La période qui s’étend entre le scrutin présidentiel et la proclamation officielle des résultats constitue , dans les démocraties en transition, un interrègne institutionnel propice à toutes les manœuvres séditieuses. C’est précisément dans cette brèche temporelle et psychologique, marquée par l’incertitude et la prolifération des rumeurs, que le Maire de la Ville de Garoua, Goura Beladji, a choisi d’agir. Son point de presse de ce mercredi 22 octobre 2025 n’est pas un simple communiqué municipal ; il s’agit d’un acte de souveraineté décentralisée, une manœuvre politique préventive et magistrale de stabilisation du champ social.

L’Art de l’Occupation Stratégique de l’Espace Médiatique
Dix jours après un vote (12 octobre 2025) dont la polarisation n’a surpris aucun observateur, les tensions sourdent dans le tissu urbain. Plutôt que de s’aligner sur une lecture partisane des résultats officieusement attendus, le Maire Beladji s’est positionné en figure tutélaire de la Res Publica locale.
Sa démarche dénote une compréhension aigüe des dynamiques de la communication de crise : il a occupé l’espace médiatique du vide, celui laissé vacant par l’attente des instances nationales de certification. En prenant la parole « en amont », il a court-circuité la potentialité de cristallisation des frustrations et des peurs qui alimentent l’agitation post-électorale. Son discours, loin d’être un appel naïf au calme, est un rappel au contrat social républicain :
« Rien ne saurait justifier la violence, les troubles ou les divisions entre frères et sœurs d’une même ville et d’une même Nation. »
Cette rhétorique n’est pas seulement morale ; elle est performative. En martelant l’identité de Garoua comme « une ville de paix, de tolérance et de dialogue », il opère un réancrage identitaire qui criminalise et rend “anti-culturelle” toute velléité de violence.
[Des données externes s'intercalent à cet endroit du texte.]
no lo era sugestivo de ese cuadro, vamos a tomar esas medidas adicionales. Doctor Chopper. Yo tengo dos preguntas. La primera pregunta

La paix n’est plus une vertu ; elle devient le critère d’appartenance à la cité.
La Transformation des “Gardiens de l’Émeute” en “Relais de la Paix”
L’ingéniosité tactique de M. Beladji se révèle dans la cartographie des acteurs ciblés pour relayer son message. Le Maire ne s’est pas contenté de l’audience traditionnelle des autorités ; il a explicitement mobilisé la société civile au sens large : chefs traditionnels, leaders religieux, médias, et, fait sociologiquement marquant, les responsables des syndicats des moto-taxis.
L’inclusion des syndicats de moto-taxis est une décision tactique d’une pertinence sociopolitique majeure. Dans l’écologie urbaine africaine, le secteur des moto-taxis représente une force sociale ambivalente : vecteur essentiel de l’information (et des rumeurs), il est souvent en première ligne des mouvements de protestation, agissant comme un “thermomètre” et un “accélérateur” des troubles. En les cooptant et en les responsabilisant, M. Beladji transforme une source potentielle de désordre en garant informel de l’ordre public. C’est une stratégie d’inclusion préventive qui sécurise la base de la rue.
L’appel final est limpide : toute contestation doit être encadrée exclusivement par la Constitution. C’est une dépolitisation habile de la rue au profit de l’État de droit, seule fondation acceptable pour l’exercice démocratique.
Le Leadership Post-Partisan : Beladji, l’Incarnation de la Double Légitimité
Le profil mis en avant du Maire — un « leader engagé, enraciné dans la sagesse des traditions mais résolument tourné vers l’avenir » — n’est pas un artifice. Il constitue la matrice narrative d’un leadership post-partisan.
En temps de fracture politique nationale, Goura Beladji s’élève au-dessus des clivages électoraux. Sa voix n’est pas celle d’un militant, mais celle de l’Institution Municipale, le garant fondamental du vivre-ensemble local. Il conjugue la légitimité du notable respecté (la sagesse) à celle du décideur moderne (l’avenir). Cette posture lui confère une autorité morale et politique qui transcende le simple mandat.
L’initiative du Maire de Garoua est un cas d’étude pour la gestion décentralisée de crise. En agissant de manière proactive et inclusive, il a non seulement protégé sa ville de l’embrasement, mais il a également offert un modèle de gouvernance locale qui érige la paix en construction active, nécessitant l’engagement de tous. La Cité de Garoua, sous cette impulsion, confirme que l’héritage d’unité ne doit jamais être subordonné aux passions partisanes.